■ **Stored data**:
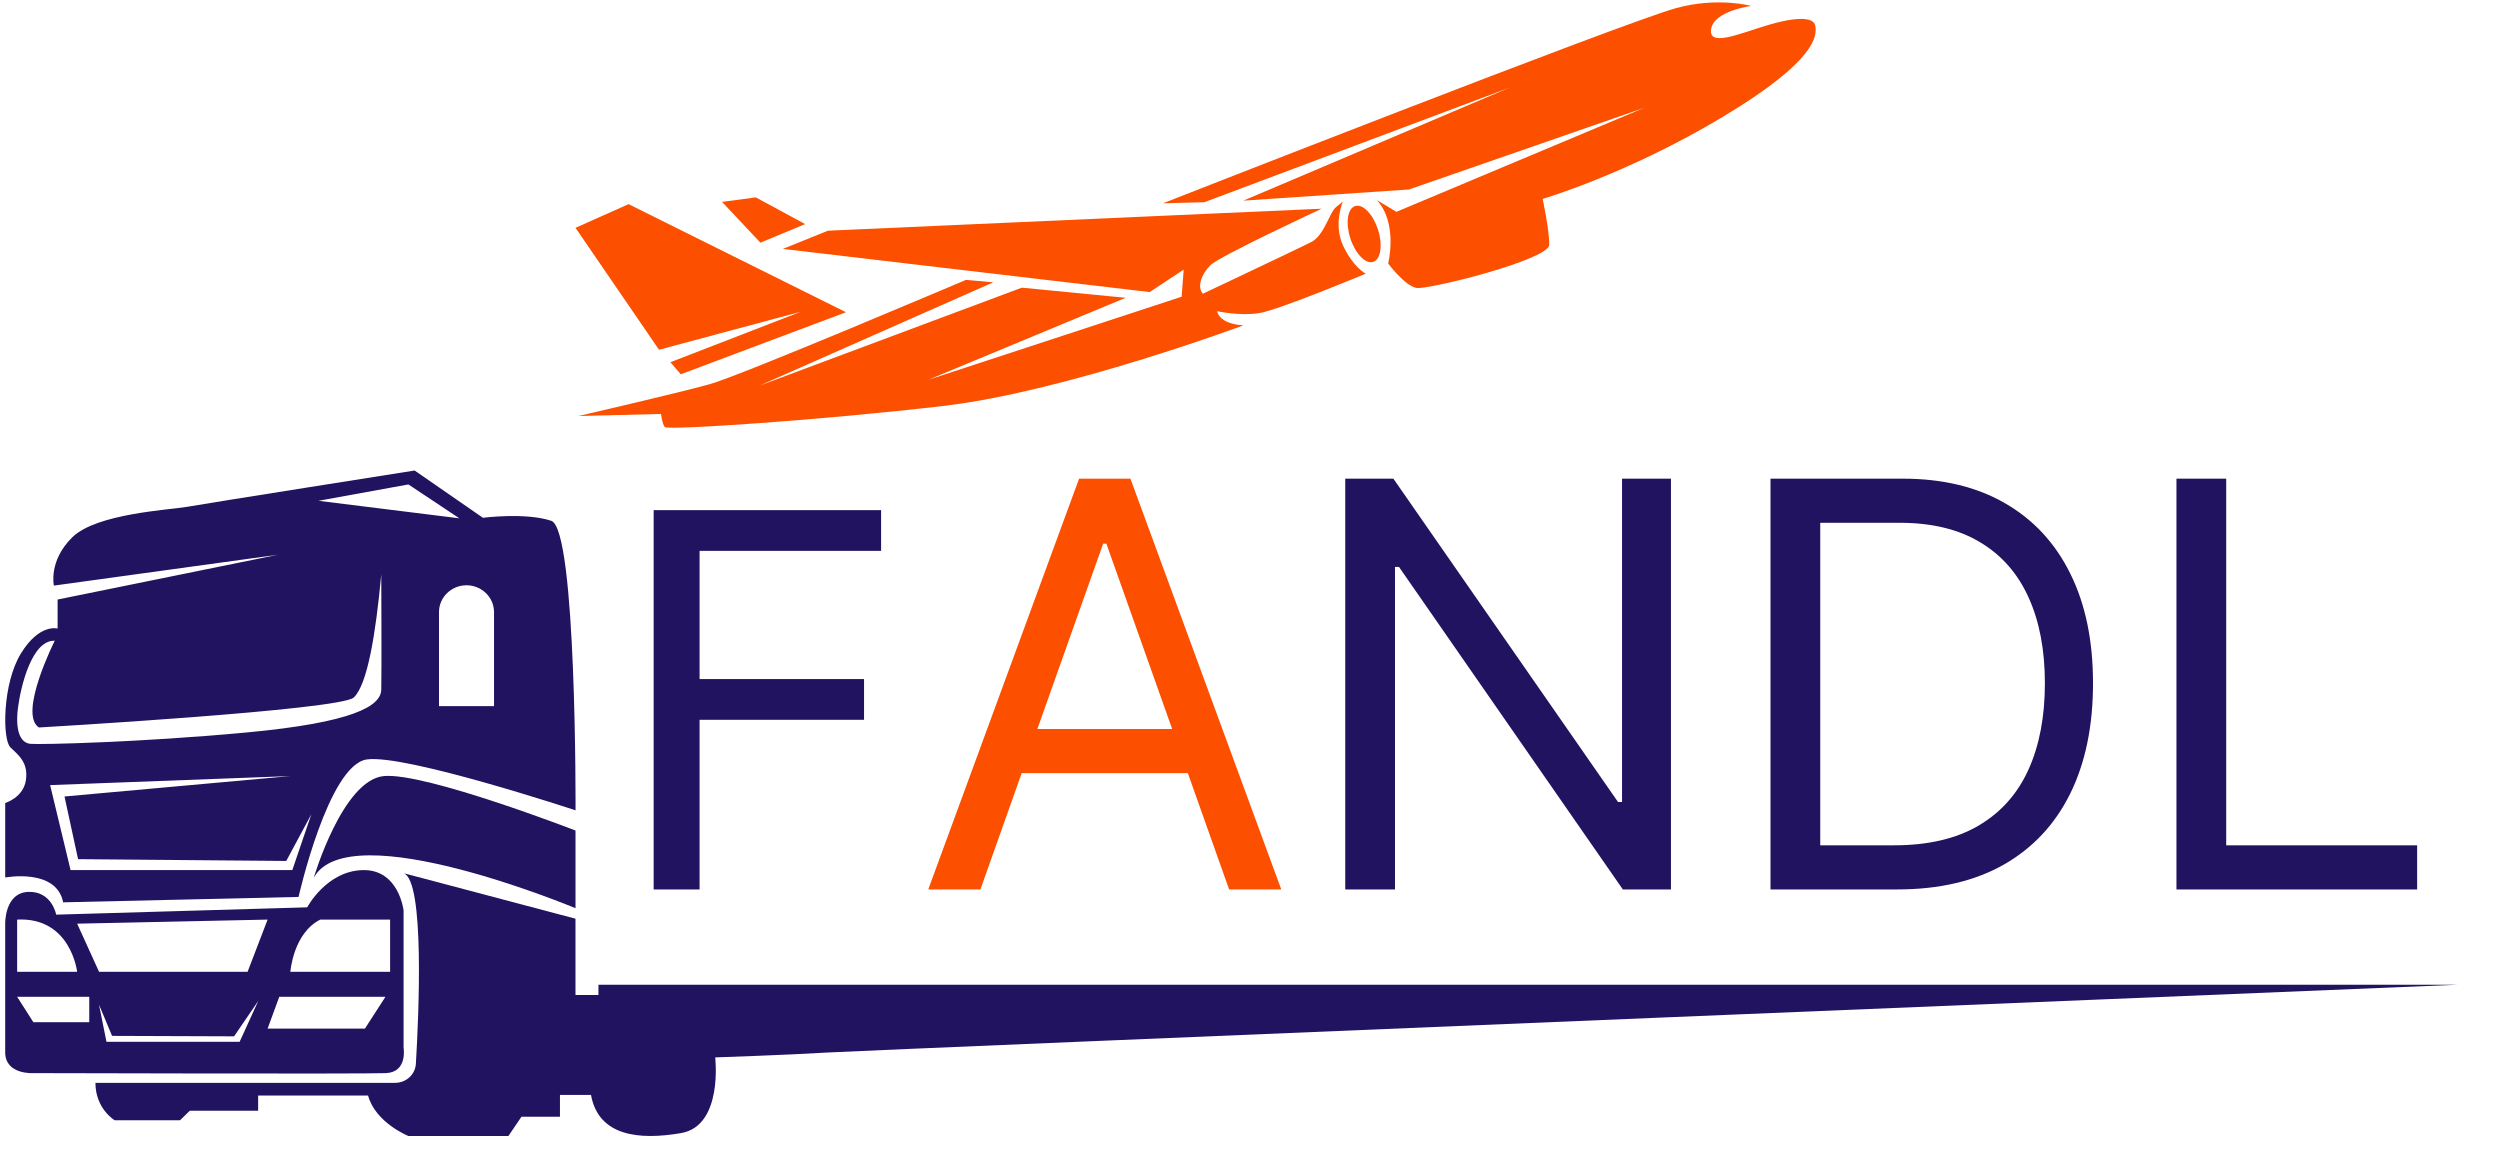 <svg width="156" height="72" viewBox="0 0 156 72" fill="none" xmlns="http://www.w3.org/2000/svg">
<path d="M40.788 55.501V31.833H54.98V34.375H43.654V42.372H53.916V44.915H43.654V55.501H40.788ZM104.268 29.869V55.501H101.265L87.297 35.376H87.047V55.501H83.943V29.869H86.947L100.964 50.044H101.215V29.869H104.268ZM118.389 55.501H110.479V29.869H118.74C121.226 29.869 123.354 30.382 125.122 31.408C126.891 32.426 128.247 33.89 129.19 35.801C130.133 37.703 130.604 39.981 130.604 42.635C130.604 45.304 130.129 47.603 129.177 49.531C128.226 51.45 126.841 52.926 125.022 53.961C123.203 54.987 120.992 55.501 118.389 55.501ZM113.583 52.747H118.189C120.308 52.747 122.064 52.338 123.458 51.52C124.851 50.703 125.89 49.539 126.574 48.029C127.258 46.519 127.601 44.72 127.601 42.635C127.601 40.565 127.263 38.784 126.587 37.29C125.911 35.788 124.901 34.637 123.558 33.836C122.215 33.027 120.542 32.622 118.539 32.622H113.583V52.747ZM135.811 55.501V29.869H138.915V52.747H150.829V55.501H135.811Z" fill="#211360"/>
<path d="M61.177 55.501H57.923L67.335 29.869H70.539L79.951 55.501H76.697L69.037 33.924H68.837L61.177 55.501ZM62.379 45.488H75.495V48.242H62.379V45.488Z" fill="#FC4F00"/>
<path d="M34.401 32.499C32.812 31.966 30.134 32.309 30.134 32.309L25.872 29.36C25.872 29.36 12.699 31.438 11.653 31.629C10.605 31.815 6.034 32.041 4.522 33.516C3.011 34.99 3.362 36.541 3.362 36.541L17.35 34.614L3.594 37.411V39.223C3.594 39.223 2.469 38.886 1.308 40.772C0.143 42.664 0.143 46.141 0.648 46.634C1.153 47.122 1.773 47.575 1.618 48.672C1.463 49.77 0.325 50.107 0.325 50.107V54.756C0.325 54.756 3.518 54.151 3.941 56.305L18.63 55.968C18.63 55.968 20.488 47.726 22.892 47.389C25.295 47.047 35.914 50.565 35.914 50.565C35.914 50.565 35.989 33.027 34.401 32.499ZM25.485 30.229L28.663 32.343L19.867 31.25L25.485 30.229ZM18.241 54.292H4.403L3.128 48.99L18.117 48.427L4.025 49.701L4.872 53.612L17.862 53.723L19.429 50.806L18.241 54.292ZM23.791 43.041C23.759 44.063 22.047 45.083 15.39 45.706C8.733 46.327 2.573 46.469 1.904 46.416C1.239 46.359 0.947 45.536 1.121 44.173C1.294 42.815 1.995 39.923 3.416 39.982C3.416 39.982 1.121 44.542 2.427 45.395C2.427 45.395 21.232 44.315 22.074 43.525C22.917 42.73 23.439 39.639 23.791 35.843C23.791 35.843 23.819 42.02 23.791 43.041ZM30.826 44.062H27.393V38.196C27.393 37.272 28.163 36.521 29.11 36.521C30.057 36.521 30.827 37.272 30.827 38.196V44.062H30.826Z" fill="#211360"/>
<path d="M25.184 65.377V56.816C25.184 56.816 24.893 54.236 22.63 54.294C20.363 54.351 19.17 56.617 19.17 56.617L3.506 57.074C3.506 57.074 3.243 55.601 1.763 55.654C0.278 55.711 0.324 57.638 0.324 57.638V65.662C0.324 67.079 2.082 66.963 2.082 66.963C2.082 66.963 22.717 67.021 24.082 66.963C25.448 66.904 25.184 65.377 25.184 65.377ZM16.698 57.383L15.45 60.639H6.18L4.814 57.637L16.698 57.383ZM1.07 57.383C4.421 57.21 4.813 60.639 4.813 60.639H1.07V57.383ZM5.569 63.787H2.082L1.071 62.202H5.57V63.787H5.569ZM14.953 65.008H6.643L6.178 62.69L6.994 64.639L14.606 64.667L16.117 62.455L14.953 65.008ZM22.771 64.186H16.698L17.426 62.202H24.051L22.771 64.186ZM24.341 60.639H18.118C18.118 60.639 18.296 58.233 19.985 57.383H24.343V60.639H24.341Z" fill="#211360"/>
<path d="M19.577 54.775C19.577 54.775 21.378 48.653 23.966 48.425C26.552 48.199 35.912 51.826 35.912 51.826V56.672C35.911 56.674 21.765 50.75 19.577 54.775Z" fill="#211360"/>
<path d="M25.205 54.492L35.91 57.327V62.089H37.343V61.446H153.394C153.394 61.446 54.084 65.528 51.604 65.679C49.124 65.831 44.629 65.982 44.629 65.982C44.629 65.982 45.133 70.252 42.498 70.705C39.863 71.158 37.344 70.894 36.879 68.325H34.941V69.686H32.538L31.724 70.887H25.485C25.485 70.887 23.432 70.064 22.967 68.363H16.108V69.308H11.845L11.232 69.906H7.157C7.157 69.906 5.955 69.195 5.955 67.569H22.889H24.656C25.343 67.569 25.912 67.049 25.951 66.381C26.136 63.261 26.498 55.043 25.205 54.492Z" fill="#211360"/>
<path d="M35.911 14.216L39.223 12.739L52.788 19.483L42.479 23.355L41.834 22.602L49.974 19.451L41.123 21.824L35.911 14.216Z" fill="#FC4F00"/>
<path d="M45.055 12.597L47.449 15.142L50.24 13.984L47.162 12.317L45.055 12.597Z" fill="#FC4F00"/>
<path d="M48.851 15.532L51.668 14.395L82.471 13.023C82.471 13.023 76.063 15.997 75.516 16.559C74.969 17.122 74.683 17.895 75.058 18.329C75.058 18.329 80.956 15.54 81.803 15.115C82.649 14.69 82.947 13.261 83.372 12.92C83.795 12.578 83.795 12.578 83.795 12.578C83.795 12.578 83.183 13.988 83.812 15.334C84.44 16.68 85.22 17.078 85.22 17.078C85.22 17.078 79.824 19.331 78.596 19.534C77.368 19.737 75.95 19.418 75.95 19.418C75.95 19.418 76.023 20.206 77.589 20.301C77.589 20.301 66.475 24.439 58.891 25.328C51.307 26.216 41.656 26.861 41.484 26.65C41.313 26.439 41.248 25.831 41.248 25.831L36.092 25.96C36.092 25.96 42.331 24.52 44.292 23.972C46.254 23.424 60.278 17.464 60.278 17.464L61.981 17.617L47.369 24.074L63.762 17.95L70.242 18.582L57.924 23.701L73.733 18.516L73.863 16.822L71.741 18.225L48.851 15.532Z" fill="#FC4F00"/>
<path d="M72.568 12.686C72.568 12.686 101.315 1.404 104.593 0.505C107.195 -0.207 109.277 0.371 109.277 0.371C109.277 0.371 106.956 0.67 106.775 1.808C106.593 2.945 108.481 2.123 110.205 1.598C111.929 1.071 113.169 1.008 113.273 1.607C113.377 2.206 113.423 3.744 107.478 7.307C101.532 10.87 96.261 12.412 96.261 12.412C96.261 12.412 96.68 14.338 96.672 15.272C96.664 16.207 89.124 18.09 88.393 17.967C87.662 17.844 86.622 16.442 86.622 16.442C86.622 16.442 87.253 13.955 85.918 12.485L87.136 13.218L102.585 6.733L87.917 11.824L77.584 12.521L94.201 5.466L75.148 12.619L72.568 12.686Z" fill="#FC4F00"/>
<path d="M85.681 16.343C86.159 16.198 86.297 15.3 85.989 14.336C85.682 13.373 85.045 12.71 84.567 12.855C84.089 13.001 83.951 13.899 84.258 14.862C84.566 15.825 85.203 16.488 85.681 16.343Z" fill="#FC4F00"/>
</svg>

■ **Assigned task**: The answer is a faithful copy of the records above, with the pictures removed.

■ **Written solution**:
 <svg width="156" height="72" viewBox="0 0 156 72" fill="none" xmlns="http://www.w3.org/2000/svg">
<path d="M40.788 55.501V31.833H54.98V34.375H43.654V42.372H53.916V44.915H43.654V55.501H40.788ZM104.268 29.869V55.501H101.265L87.297 35.376H87.047V55.501H83.943V29.869H86.947L100.964 50.044H101.215V29.869H104.268ZM118.389 55.501H110.479V29.869H118.74C121.226 29.869 123.354 30.382 125.122 31.408C126.891 32.426 128.247 33.89 129.19 35.801C130.133 37.703 130.604 39.981 130.604 42.635C130.604 45.304 130.129 47.603 129.177 49.531C128.226 51.45 126.841 52.926 125.022 53.961C123.203 54.987 120.992 55.501 118.389 55.501ZM113.583 52.747H118.189C120.308 52.747 122.064 52.338 123.458 51.52C124.851 50.703 125.89 49.539 126.574 48.029C127.258 46.519 127.601 44.72 127.601 42.635C127.601 40.565 127.263 38.784 126.587 37.29C125.911 35.788 124.901 34.637 123.558 33.836C122.215 33.027 120.542 32.622 118.539 32.622H113.583V52.747ZM135.811 55.501V29.869H138.915V52.747H150.829V55.501H135.811Z" fill="#211360"/>
<path d="M61.177 55.501H57.923L67.335 29.869H70.539L79.951 55.501H76.697L69.037 33.924H68.837L61.177 55.501ZM62.379 45.488H75.495V48.242H62.379V45.488Z" fill="#FC4F00"/>
<path d="M34.401 32.499C32.812 31.966 30.134 32.309 30.134 32.309L25.872 29.36C25.872 29.36 12.699 31.438 11.653 31.629C10.605 31.815 6.034 32.041 4.522 33.516C3.011 34.99 3.362 36.541 3.362 36.541L17.35 34.614L3.594 37.411V39.223C3.594 39.223 2.469 38.886 1.308 40.772C0.143 42.664 0.143 46.141 0.648 46.634C1.153 47.122 1.773 47.575 1.618 48.672C1.463 49.77 0.325 50.107 0.325 50.107V54.756C0.325 54.756 3.518 54.151 3.941 56.305L18.63 55.968C18.63 55.968 20.488 47.726 22.892 47.389C25.295 47.047 35.914 50.565 35.914 50.565C35.914 50.565 35.989 33.027 34.401 32.499ZM25.485 30.229L28.663 32.343L19.867 31.25L25.485 30.229ZM18.241 54.292H4.403L3.128 48.99L18.117 48.427L4.025 49.701L4.872 53.612L17.862 53.723L19.429 50.806L18.241 54.292ZM23.791 43.041C23.759 44.063 22.047 45.083 15.39 45.706C8.733 46.327 2.573 46.469 1.904 46.416C1.239 46.359 0.947 45.536 1.121 44.173C1.294 42.815 1.995 39.923 3.416 39.982C3.416 39.982 1.121 44.542 2.427 45.395C2.427 45.395 21.232 44.315 22.074 43.525C22.917 42.73 23.439 39.639 23.791 35.843C23.791 35.843 23.819 42.02 23.791 43.041ZM30.826 44.062H27.393V38.196C27.393 37.272 28.163 36.521 29.11 36.521C30.057 36.521 30.827 37.272 30.827 38.196V44.062H30.826Z" fill="#211360"/>
<path d="M25.184 65.377V56.816C25.184 56.816 24.893 54.236 22.63 54.294C20.363 54.351 19.17 56.617 19.17 56.617L3.506 57.074C3.506 57.074 3.243 55.601 1.763 55.654C0.278 55.711 0.324 57.638 0.324 57.638V65.662C0.324 67.079 2.082 66.963 2.082 66.963C2.082 66.963 22.717 67.021 24.082 66.963C25.448 66.904 25.184 65.377 25.184 65.377ZM16.698 57.383L15.45 60.639H6.18L4.814 57.637L16.698 57.383ZM1.07 57.383C4.421 57.21 4.813 60.639 4.813 60.639H1.07V57.383ZM5.569 63.787H2.082L1.071 62.202H5.57V63.787H5.569ZM14.953 65.008H6.643L6.178 62.69L6.994 64.639L14.606 64.667L16.117 62.455L14.953 65.008ZM22.771 64.186H16.698L17.426 62.202H24.051L22.771 64.186ZM24.341 60.639H18.118C18.118 60.639 18.296 58.233 19.985 57.383H24.343V60.639H24.341Z" fill="#211360"/>
<path d="M19.577 54.775C19.577 54.775 21.378 48.653 23.966 48.425C26.552 48.199 35.912 51.826 35.912 51.826V56.672C35.911 56.674 21.765 50.75 19.577 54.775Z" fill="#211360"/>
<path d="M25.205 54.492L35.91 57.327V62.089H37.343V61.446H153.394C153.394 61.446 54.084 65.528 51.604 65.679C49.124 65.831 44.629 65.982 44.629 65.982C44.629 65.982 45.133 70.252 42.498 70.705C39.863 71.158 37.344 70.894 36.879 68.325H34.941V69.686H32.538L31.724 70.887H25.485C25.485 70.887 23.432 70.064 22.967 68.363H16.108V69.308H11.845L11.232 69.906H7.157C7.157 69.906 5.955 69.195 5.955 67.569H22.889H24.656C25.343 67.569 25.912 67.049 25.951 66.381C26.136 63.261 26.498 55.043 25.205 54.492Z" fill="#211360"/>
<path d="M35.911 14.216L39.223 12.739L52.788 19.483L42.479 23.355L41.834 22.602L49.974 19.451L41.123 21.824L35.911 14.216Z" fill="#FC4F00"/>
<path d="M45.055 12.597L47.449 15.142L50.24 13.984L47.162 12.317L45.055 12.597Z" fill="#FC4F00"/>
<path d="M48.851 15.532L51.668 14.395L82.471 13.023C82.471 13.023 76.063 15.997 75.516 16.559C74.969 17.122 74.683 17.895 75.058 18.329C75.058 18.329 80.956 15.54 81.803 15.115C82.649 14.69 82.947 13.261 83.372 12.92C83.795 12.578 83.795 12.578 83.795 12.578C83.795 12.578 83.183 13.988 83.812 15.334C84.44 16.68 85.22 17.078 85.22 17.078C85.22 17.078 79.824 19.331 78.596 19.534C77.368 19.737 75.95 19.418 75.95 19.418C75.95 19.418 76.023 20.206 77.589 20.301C77.589 20.301 66.475 24.439 58.891 25.328C51.307 26.216 41.656 26.861 41.484 26.65C41.313 26.439 41.248 25.831 41.248 25.831L36.092 25.96C36.092 25.96 42.331 24.52 44.292 23.972C46.254 23.424 60.278 17.464 60.278 17.464L61.981 17.617L47.369 24.074L63.762 17.95L70.242 18.582L57.924 23.701L73.733 18.516L73.863 16.822L71.741 18.225L48.851 15.532Z" fill="#FC4F00"/>
<path d="M72.568 12.686C72.568 12.686 101.315 1.404 104.593 0.505C107.195 -0.207 109.277 0.371 109.277 0.371C109.277 0.371 106.956 0.67 106.775 1.808C106.593 2.945 108.481 2.123 110.205 1.598C111.929 1.071 113.169 1.008 113.273 1.607C113.377 2.206 113.423 3.744 107.478 7.307C101.532 10.87 96.261 12.412 96.261 12.412C96.261 12.412 96.68 14.338 96.672 15.272C96.664 16.207 89.124 18.09 88.393 17.967C87.662 17.844 86.622 16.442 86.622 16.442C86.622 16.442 87.253 13.955 85.918 12.485L87.136 13.218L102.585 6.733L87.917 11.824L77.584 12.521L94.201 5.466L75.148 12.619L72.568 12.686Z" fill="#FC4F00"/>
<path d="M85.681 16.343C86.159 16.198 86.297 15.3 85.989 14.336C85.682 13.373 85.045 12.71 84.567 12.855C84.089 13.001 83.951 13.899 84.258 14.862C84.566 15.825 85.203 16.488 85.681 16.343Z" fill="#FC4F00"/>
</svg>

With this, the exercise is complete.